Per quanto riguarda la vita intellettuale e la morale degli Indoeuropei avremmo maggiori informazioni se conoscessimo in modo più preciso la loro religione ed i rituali ad essa connessi. Sfortunatamente le idee religiose e il fondo mitico sono difficili a riconoscere, poiché la corrispondenza dei nomi che è peraltro assai rara, non ci permette di affermare con certezza alcuna univocità. Laddove siano conservate le stesse rappresentazioni, è anche possibile che siano state prodotte da sviluppi particolari ed analoghi.
Tuttavia vi sono alcune concordanze che forniscono informazioni estremamente interessanti.
È infatti rilevante che accanto alle divinità proprie di uno stadio culturale primitivo, protettrici di gruppi e tribù, gli Indoeuropei venerassero principalmente un dio cosmico, il “dio del cielo”, indoeuropeo *Dyeus, greco Ζεύς, “Zeus”, latino Jupiter, da Dies-piter, germanico Ziu.
Si tratta di una figura assolutamente universale a cui è dovuta la fertilità e la cui potenza si rivela nella tempesta e in quanto creatore di tutti gli esseri è chiamato “padre”.
Questo caso, come pochi altri, mostra tuttavia che le tribù indoeuropee costituivano una comunità strettamente congiunta, in possesso di elementi spirituali omogenei ed universali.
Accanto al “Dio celeste”, come sua consorte e divinità materna, troviamo la Terra.

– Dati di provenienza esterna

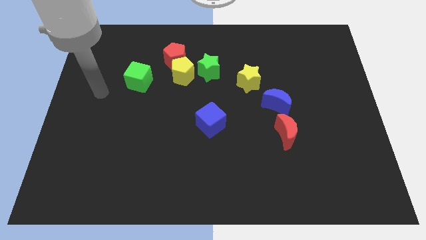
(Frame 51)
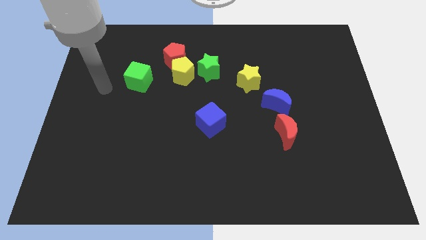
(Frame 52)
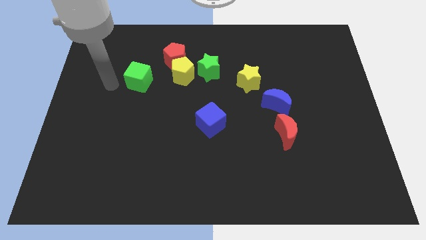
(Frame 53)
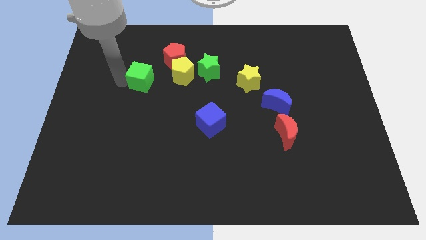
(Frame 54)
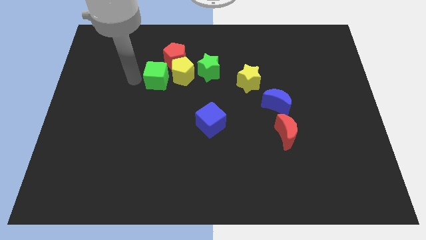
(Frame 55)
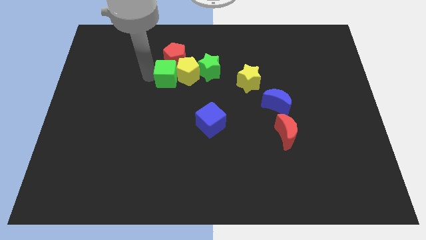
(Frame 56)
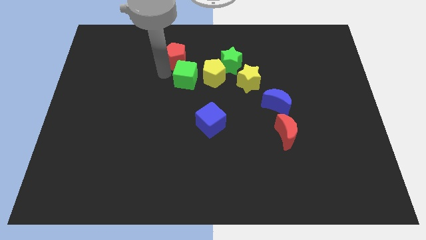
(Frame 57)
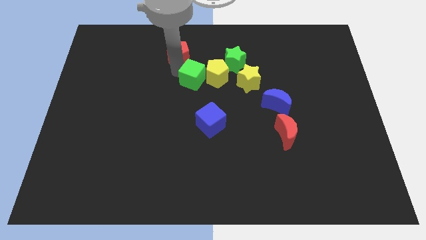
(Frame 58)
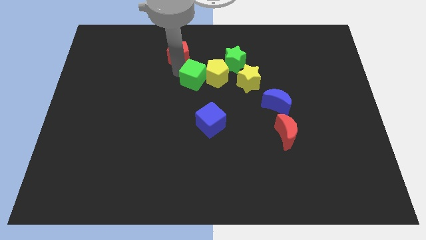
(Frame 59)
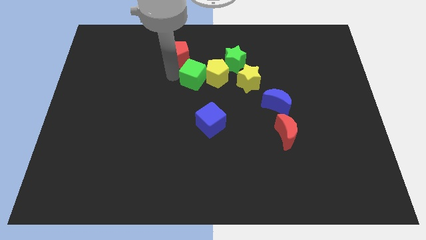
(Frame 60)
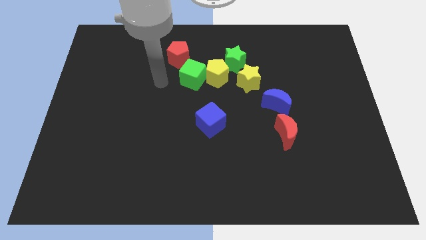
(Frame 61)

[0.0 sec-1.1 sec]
slide green cube into yellow pentagon

Inoltre, retaggio dell’ancestrale sentire religioso, il culto del fuoco, cardine della spiritualità connessa alla vita domestica. Vesta protegge la casa in quanto dea del focolare. Presso gli Indiani il fuoco sacrificale è di gran lunga la più potente manifestazione divina, dinanzi alla quale nessun’altra divinità ha prevalenza.

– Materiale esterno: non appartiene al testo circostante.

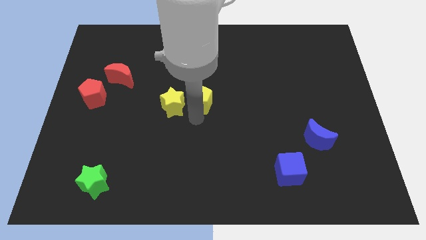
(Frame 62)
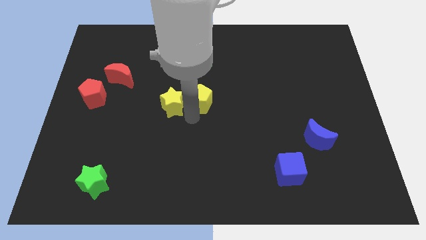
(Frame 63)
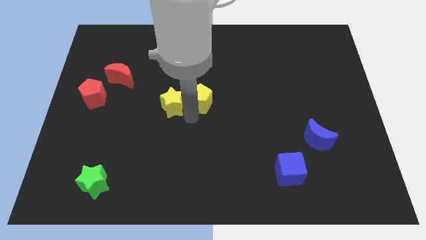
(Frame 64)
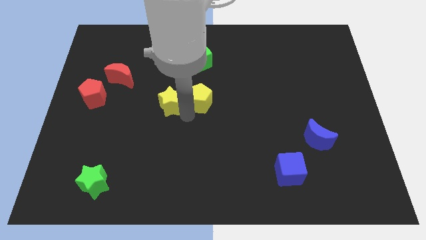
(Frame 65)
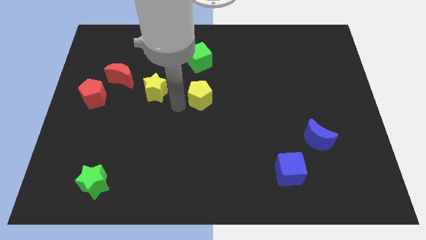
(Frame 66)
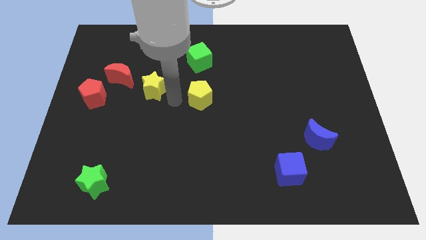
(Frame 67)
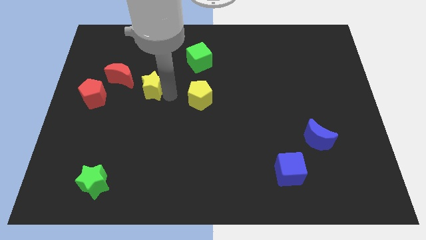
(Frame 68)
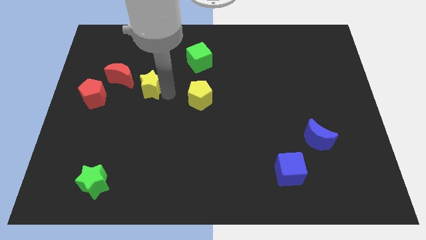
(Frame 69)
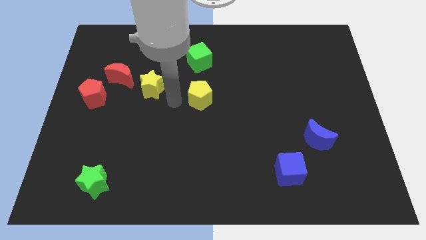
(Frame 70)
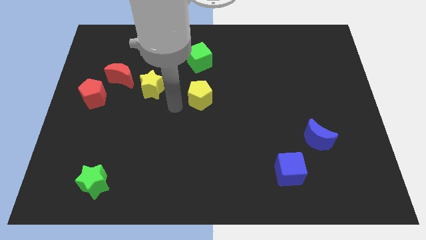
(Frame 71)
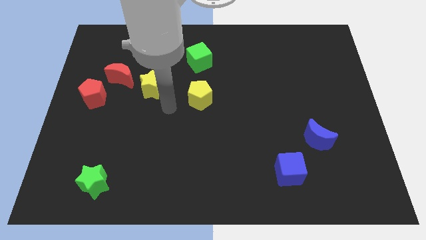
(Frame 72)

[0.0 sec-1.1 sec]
push the yellow star towards the red crescent

Il Perkna dei Lituani, un dio della tempesta che diverrà il Perkunas dei tempi storici e che trova riscontro nel Perun degli Slavi e probabilmente nel Fjorgyn norreno, sembrerebbe essere di origine indoeuropea a giudicare dal nome del dio vedico della pioggia, Parjanya. Alcuni azzardano l’ipotesi che anche il Quirinus latino abbia la stessa origine, fatto linguisticamente possibile in virtù delle regole che portano il latino, come le lingue gaeliche, a mantenere la gutturale *kw rispetto alla forma labiale *pw. L’origine indoeuropea è possibile anche per la coppia divina dei Dioscuri, confrontabili con gli Acvin indiani. E pare lo stesso per i numerosi demoni connessi alle vicende della vita umana. Altre figure derivano da fenomeni naturali, come il dio del sole greco Ηέλιος, “Helios“, connesso a σείριος, “séirios“, originariamente σƒείριος, “swéirios”, “splendente”. Questo teonimo trova relazione in quello latino Sol, e nel sanscrito Sûryas, in origine *svaryas, dalla radice *svar- avente significato di “risplendere”.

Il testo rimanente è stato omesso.